BobSimons commented 1 year ago

It is the attributes of HTML and XML tags that must be strongly encoded, for security reasons. The code that does this is in com/cohort/util/XML.java in the method called encodeAsHTMLAttribute. The JavaDoc for that method explains:

 * For security reasons, for text that will be used as an HTML or XML attribute, 
 * this replaces non-alphanumeric characters with HTML Entity &#xHHHH; format.
 * See HTML Attribute Encoding at
 * [https://owasp.org/www-pdf-archive/OWASP_Cheatsheets_Book.pdf](https://owasp.org/www-pdf-archive/OWASP_Cheatsheets_Book.pdf)
 * pg 188, section 25.4 
 * "Encoding Type: HTML Attribute Encoding
 * Encoding Mechanism: 
 * Except for alphanumeric characters, escape all characters with the HTML Entity &#xHH;
 * format, including spaces. (HH = Hex Value)".
 * On the need to escape HTML attributes: [http://wonko.com/post/html-escaping](http://wonko.com/post/html-escaping)

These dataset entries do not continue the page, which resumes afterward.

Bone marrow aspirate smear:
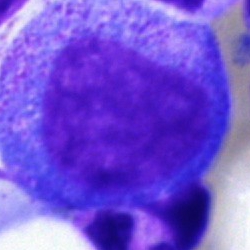
Showing a progranulocyte.
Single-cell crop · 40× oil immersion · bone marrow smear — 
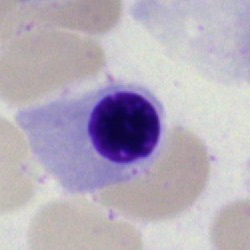

Cell type = normoblast.
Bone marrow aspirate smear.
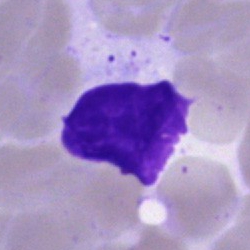
This is an artifact.
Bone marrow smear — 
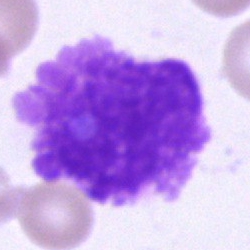Classification — artifact.
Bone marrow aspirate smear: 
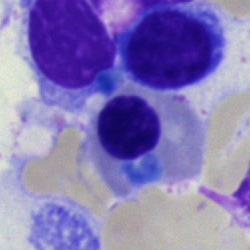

Both of the links there are interesting reading.

One might argue that in some circumstances this strict encoding is not necessary. Perhaps. Perhaps not. The problem is that it is very time consuming (even if we assume the programmer has 100% understanding of the situation) and error prone to try to make that determination. It is vastly simpler and (more important) vastly safer to just routinely encode all attributes in the safe and recommended way.